Yesterday, we reported that the Trump campaign has been using data from merchandise sales to look at its growing reach among undecided voters and new voters since the 2016 election. By releasing merchandise regularly, the campaign can measure change in support and see what messages or strategies play or don’t play among the base.
So, needless to say, the money candidates spend on merchandise accomplishes a lot more than just getting their names out there. And they have been spending a lot of money this go-around.
CBS News put together a report of some of the Democratic candidates’ spending from this year. It found that in the first half of 2019, the Bernie Sanders campaign spent more than $900,000 on items like buttons, stickers, signs and T-shirts. Elizabeth Warren’s spent more than $500,000 for merchandise, and Joe Biden, who didn’t join the race until April, spent $150,000 in just a couple of months.
Rather than throwing merchandise at the wall to see what sticks (probably stickers, honestly), candidates can use those data points to see what does and doesn’t work. One of the hottest selling campaign items of 2019 was Andrew Yang’s “MATH” hat. The Yang campaign sold all 500 hats in 22 minutes during its initial launch, and then sold an additional 32,000 since mid-October. Those sales brought in $1.2 million in funding for the campaign—about 8 percent of all of its revenue as of a couple of weeks ago.
Like any merchandise drops, exclusivity drives people to buy and buy now. When the Yang campaign dropped a limited edition “MATH” hat with gold writing, it sold 2,000 in 36 hours, raking in $150,000 in revenue. He later released 500 marijuana-themed “MATH” hats, touching on his plan to legalize cannabis.
Our limited edition marijuana merch is now in stock! Check it out: https://t.co/7N4g1yQb9k pic.twitter.com/cHwlfMlHeQ
— Andrew Yang🧢⬆️🇺🇸 (@AndrewYang) August 24, 2019
You’d think limiting reach and visibility would be counterproductive for a campaign, but when the goal is small donations rather than widespread visibility (you can buy visibility later), Yang hit the nail (hat) on the head.
“I took inspiration from street fashion, with limited editions, exclusivity, collectibles,” Andrew Frawley, Yang’s director of brand and merchandise, told CBS.
South Bend Mayor Pete Buttigieg is also following the Streetwear playbook to spur sales. CBS reported that the campaign’s one-off “Eco Tee” sold out in under a week.
A lot of these shirts play off of moments from the campaign trail or things the candidates say in speeches. Some are more consequential than others, but it seems like the ones that don’t actually have to do with the campaign message do well. For example, after Buttigieg found a bee on his tie at an event in Iowa, the campaign created a “Bee Tee.”
Warren and Biden have played things more traditionally, using their established careers as inspiration for merchandise, like Biden’s affinity for aviator sunglasses prompting a line of Biden-branded glasses.
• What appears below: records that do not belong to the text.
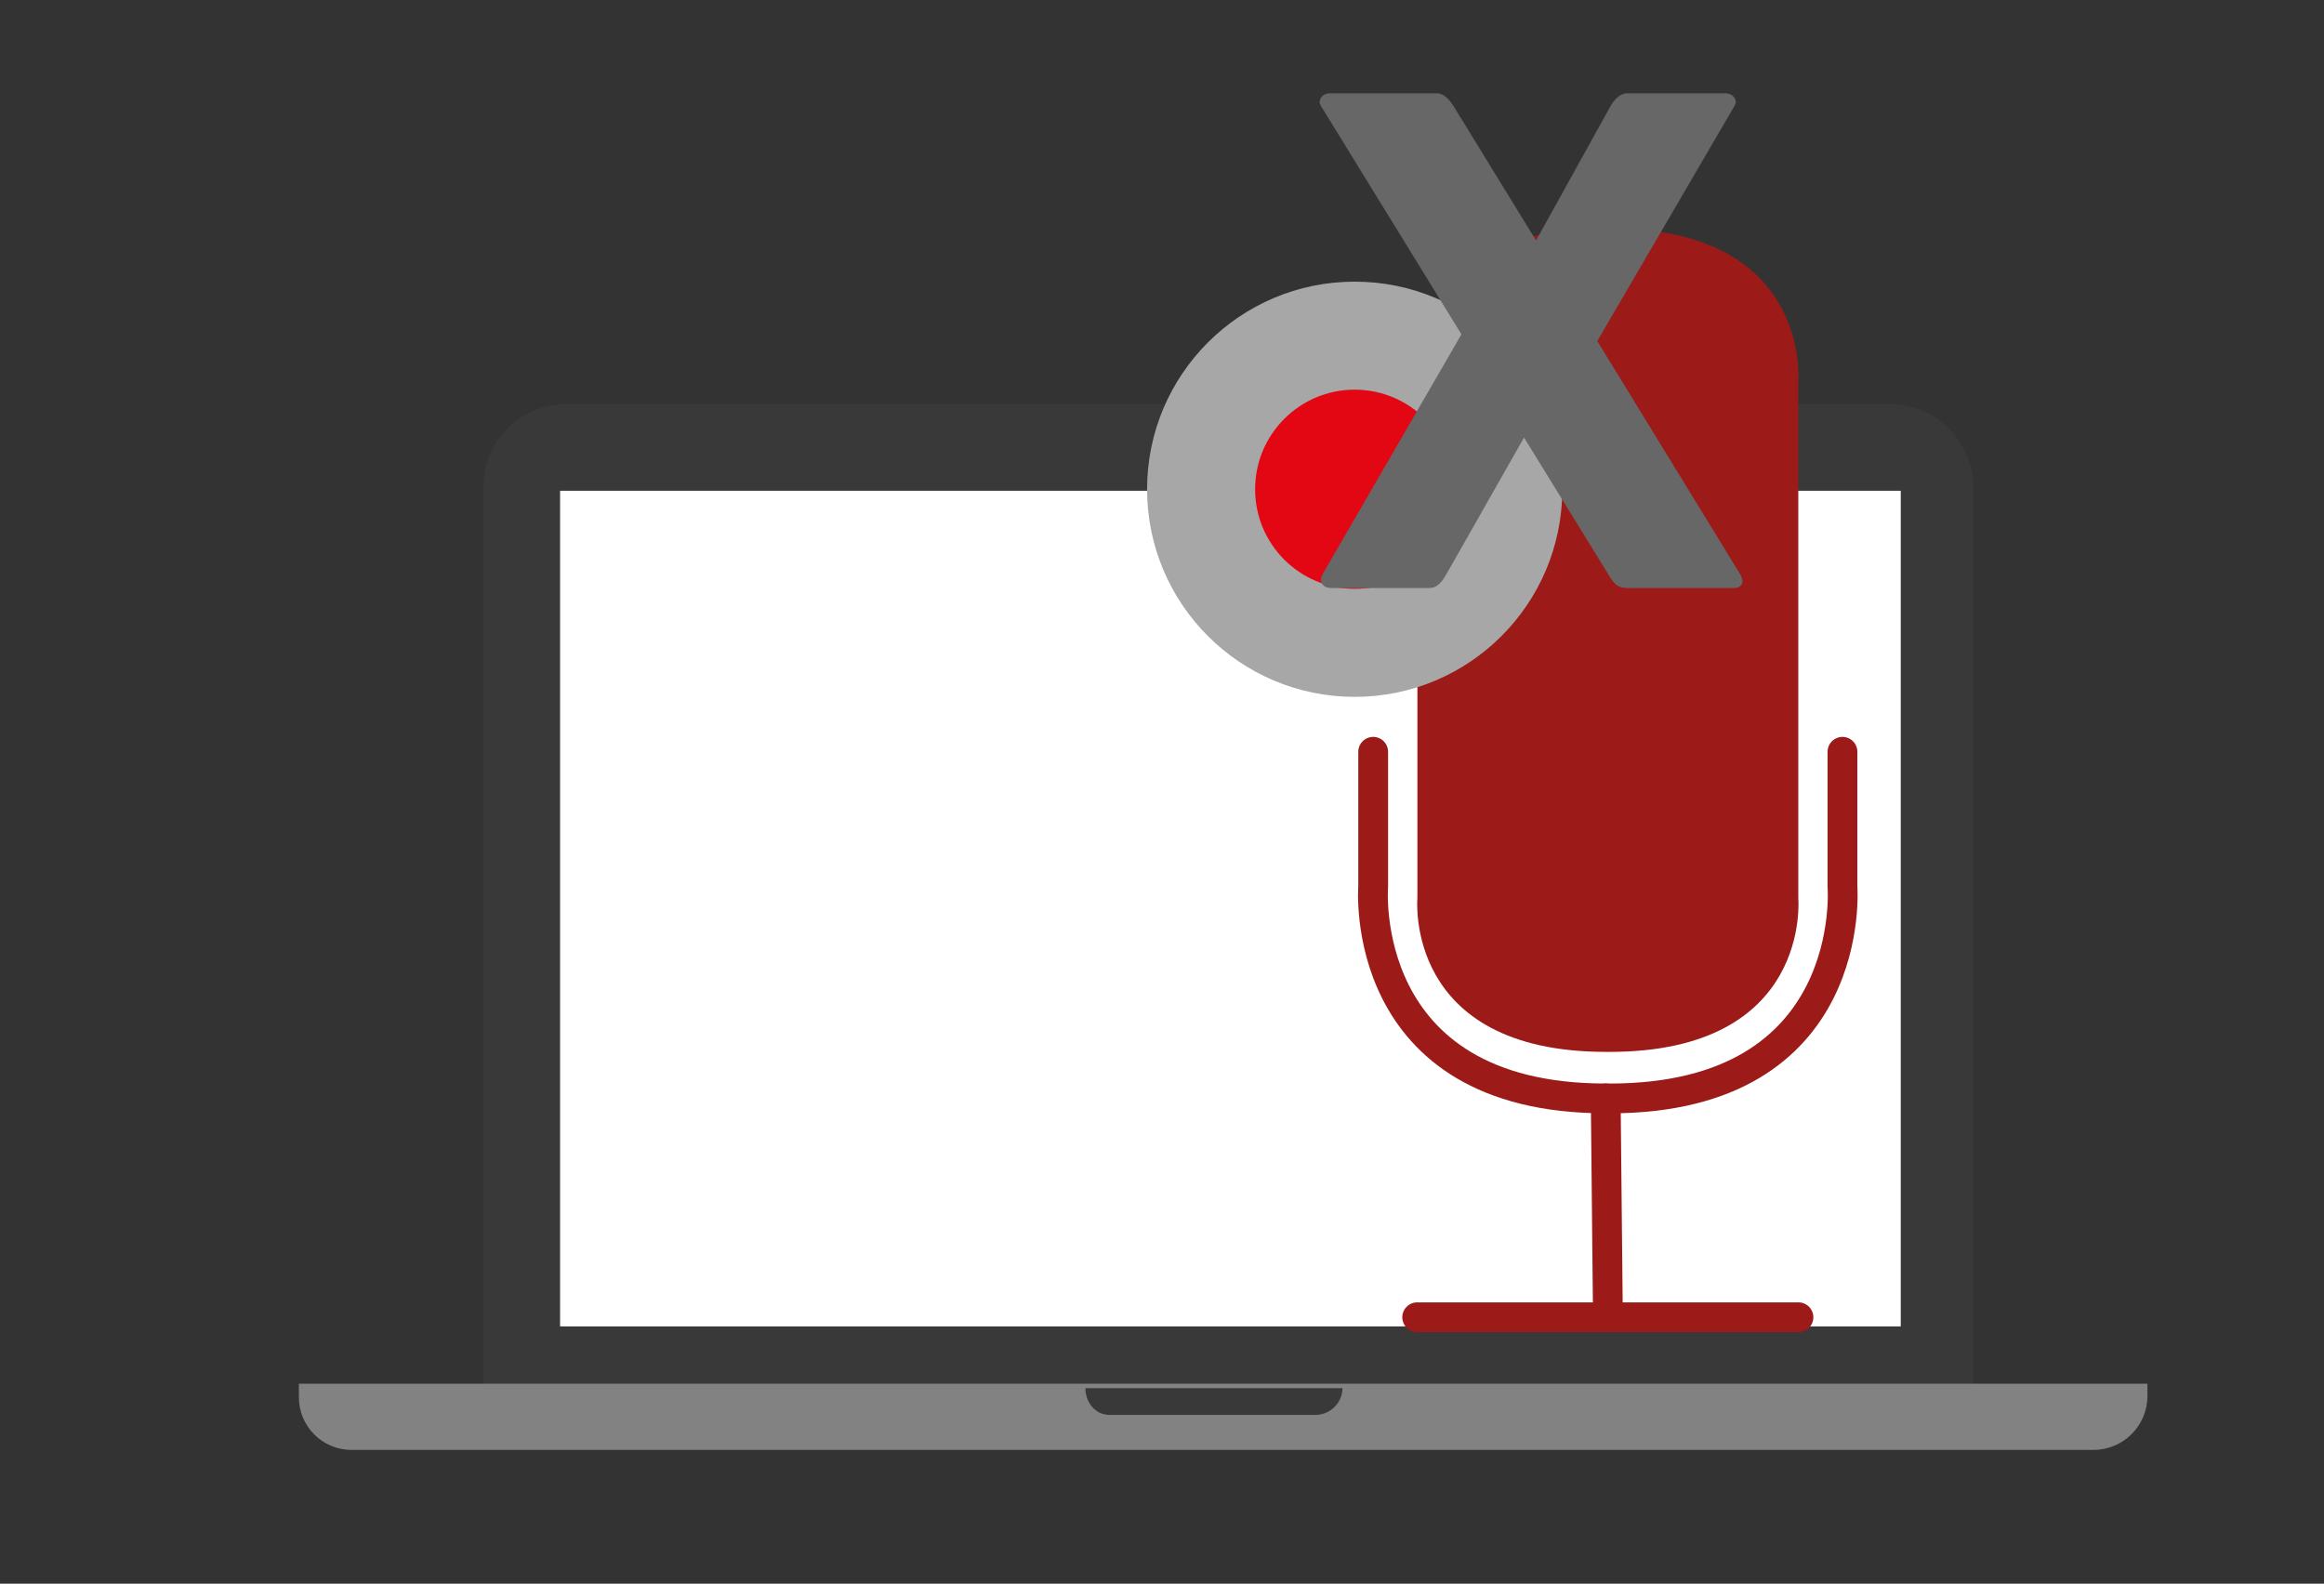 <?xml version="1.0" encoding="utf-8"?>
<!-- Generator: Adobe Illustrator 24.2.1, SVG Export Plug-In . SVG Version: 6.00 Build 0)  -->
<svg version="1.1" xmlns="http://www.w3.org/2000/svg" xmlns:xlink="http://www.w3.org/1999/xlink" x="0px" y="0px"
	 viewBox="0 0 800.94 545.82" style="enable-background:new 0 0 800.94 545.82;" xml:space="preserve">
<rect x="0" y="0" width="800.94" height="545.82" fill="#333333" stroke="none"/>
<style type="text/css">
	.st0{fill:#C2191A;}
	.st1{fill:#CECECE;}
	.st2{fill:#63140C;}
	.st3{fill:none;stroke:#63140C;stroke-width:14;stroke-miterlimit:10;}
	.st4{fill:#393939;}
	.st5{fill:none;stroke:#828282;stroke-width:16;stroke-miterlimit:10;}
	.st6{fill:#828282;}
	.st7{fill:#FFFFFF;}
	.st8{fill:#9C1A17;stroke:#9C1A17;stroke-width:16;stroke-miterlimit:10;}
	.st9{fill:none;stroke:#9C1A17;stroke-width:16;stroke-miterlimit:10;}
	.st10{fill:#9C1A17;}
	.st11{fill:#9B1915;}
	.st12{fill:#4D4D4D;}
	.st13{fill:#42B8C1;}
	.st14{fill:#E0E0E0;}
	.st15{fill:#F5F5F5;}
	.st16{fill:#CCCCCC;}
	.st17{fill:none;stroke:#C2191A;stroke-width:11;stroke-linecap:round;stroke-miterlimit:10;}
	.st18{fill:none;stroke:#393939;stroke-width:6;stroke-linecap:round;stroke-miterlimit:10;}
	.st19{fill:#9B1915;stroke:#FFFFFF;stroke-width:4;stroke-miterlimit:10;}
	.st20{fill:#C2191A;stroke:#C2191A;stroke-width:2;stroke-miterlimit:10;}
	.st21{fill:none;stroke:#63140C;stroke-width:6;stroke-linecap:square;stroke-linejoin:round;stroke-miterlimit:10;}
	.st22{fill:none;stroke:#63140C;stroke-width:16;stroke-linecap:square;stroke-linejoin:round;stroke-miterlimit:10;}
	.st23{fill:#FFFFFF;stroke:#9C1A17;stroke-width:16;stroke-miterlimit:10;}
	.st24{fill:#9C1A17;stroke:#FFFFFF;stroke-width:6;stroke-linecap:round;stroke-miterlimit:10;}
	.st25{fill:#FFFFFF;stroke:#63140C;stroke-width:16;stroke-miterlimit:10;}
	.st26{fill:none;stroke:#C2191A;stroke-width:16;stroke-miterlimit:10;}
	.st27{fill:#FFFFFF;stroke:#C2191A;stroke-width:16;stroke-miterlimit:10;}
	.st28{fill:none;stroke:#393939;stroke-width:4;stroke-linecap:round;stroke-miterlimit:10;}
	.st29{fill:none;stroke:#63140C;stroke-width:16;stroke-miterlimit:10;}
	.st30{fill:none;stroke:#9B1915;stroke-width:16;stroke-miterlimit:10;}
	.st31{fill:none;stroke:#FFFFFF;stroke-width:16;stroke-miterlimit:10;}
	.st32{fill:#FFFFFF;stroke:#9B1915;stroke-width:16;stroke-miterlimit:10;}
	.st33{fill:#63140C;stroke:#FFFFFF;stroke-width:14;stroke-miterlimit:10;}
	.st34{fill:#9B1915;stroke:#FFFFFF;stroke-width:16;stroke-miterlimit:10;}
	.st35{fill:none;stroke:#FFFFFF;stroke-width:16;stroke-linecap:round;stroke-miterlimit:10;}
	.st36{fill-rule:evenodd;clip-rule:evenodd;fill:#CECECE;}
	.st37{fill-rule:evenodd;clip-rule:evenodd;fill:#C2191A;}
	.st38{fill:none;stroke:#828282;stroke-width:16;stroke-linecap:round;stroke-miterlimit:10;}
	.st39{fill:none;stroke:#9C1A17;stroke-width:10.264;stroke-linecap:round;stroke-miterlimit:10;}
	.st40{fill:#A7A7A7;}
	.st41{fill:#E30613;}
	.st42{fill:#676767;}
</style>
<g id="Ebene_2">
</g>
<g id="Layer_1">
	<path class="st4" d="M195.12,139.32h456.37c15.77,0,28.55,12.78,28.55,28.55v0v309.11H166.56V167.87
		C166.56,152.1,179.35,139.32,195.12,139.32L195.12,139.32z"/>
	<path class="st6" d="M103.02,476.88h637.06v4.25c0,10.26-8.31,18.57-18.57,18.57l0,0H121.13c-10.01,0-18.12-8.11-18.12-18.12l0,0
		V476.88z"/>
	<path class="st4" d="M462.69,478.42c-0.09,5.02-4.11,9.08-9.13,9.22h-71.18c-5.15,0-8.31-4.61-8.31-9.21L462.69,478.42z"/>
	<rect x="193.03" y="169.14" class="st7" width="462.04" height="288"/>
	<g>
		<path class="st10" d="M488.49,221.11v88.47c0,0-4.8,52.95,65.05,52.95h1.17c69.84,0,65.05-52.95,65.05-52.95v-88.47v-1.04V131.6
			c0,0,4.8-52.95-65.05-52.95h-1.17c-69.84,0-65.05,52.95-65.05,52.95v88.47"/>
		<path class="st39" d="M473.25,259.1l0,46.35c0,0-5.91,73.12,80.14,73.12h1.45c86.05,0,80.14-73.12,80.14-73.12l0-46.35"/>
		<line class="st39" x1="554.12" y1="450.62" x2="553.39" y2="378.56"/>
		<line class="st39" x1="488.42" y1="453.99" x2="619.82" y2="453.99"/>
	</g>
	<g>
		<circle class="st40" cx="466.88" cy="168.62" r="71.55"/>
		<circle class="st41" cx="466.88" cy="168.62" r="34.32"/>
	</g>
	<g>
		<path class="st42" d="M597.53,202.66l-36.49,0c-2.98,0-4.36-0.92-5.97-3.44l-29.83-48.42l-26.85,47.27
			c-1.61,2.75-3.21,4.59-5.74,4.59l-33.96,0c-2.29,0-3.44-1.38-3.44-2.98c0-0.46,0.23-1.15,0.46-1.61l47.96-82.84l-48.42-78.71
			c-0.23-0.46-0.46-0.92-0.46-1.38c0-1.61,1.61-2.98,3.44-2.98l36.95,0c2.52,0,4.36,2.3,5.74,4.36l28.46,46.36l25.7-46.36
			c1.15-2.06,3.21-4.36,5.74-4.36l33.96,0c1.84,0,3.44,1.38,3.44,2.98c0,0.46-0.23,0.92-0.46,1.38l-47.27,81.01l49.34,80.54
			c0.46,0.92,0.69,1.61,0.69,2.3C600.51,201.74,599.37,202.66,597.53,202.66z"/>
	</g>
</g>
</svg>

An ongoing theme of the merchandise, especially for Biden, is beating President Trump in the election. In terms of spending, some of the Democratic candidates still have a ways to go. The president’s reelection campaign spent more than $650,000 on merchandise in the first half of this year alone, and that number is only going to keep increasing as the election draws nearer.
“Whether it’s the over 1 million red MAGA hats sold, plastic straws, or fun one-off T-shirts, the campaign merchandise lets voters show their support of President Trump and his policies,” Tim Murtaugh, Trump campaign communications director, told CBS News. “It gives people a little ownership of the re-election campaign and gives them high quality merchandise in exchange for their donations.”
In the third quarter of this year, however, Bernie Sanders passed the Trump re-election campaign in small-dollar donations, with 1,400,000 million individual donations compared to President Trump’s 1,056,000.
As the field of Democratic presidential hopefuls thins out, don’t be surprised to see the eventual nominee push an item that tries to rival the ubiquity of an all-encompassing item like the MAGA hat. It might be a “Math” hat, it might be a “Feel the Bern” shirt, it might be sunglasses or it might be a “Nevertheless, she persisted” tote bag.
In the meantime, all of the candidates are trying to find what merch works, and spending a ton of cash doing so.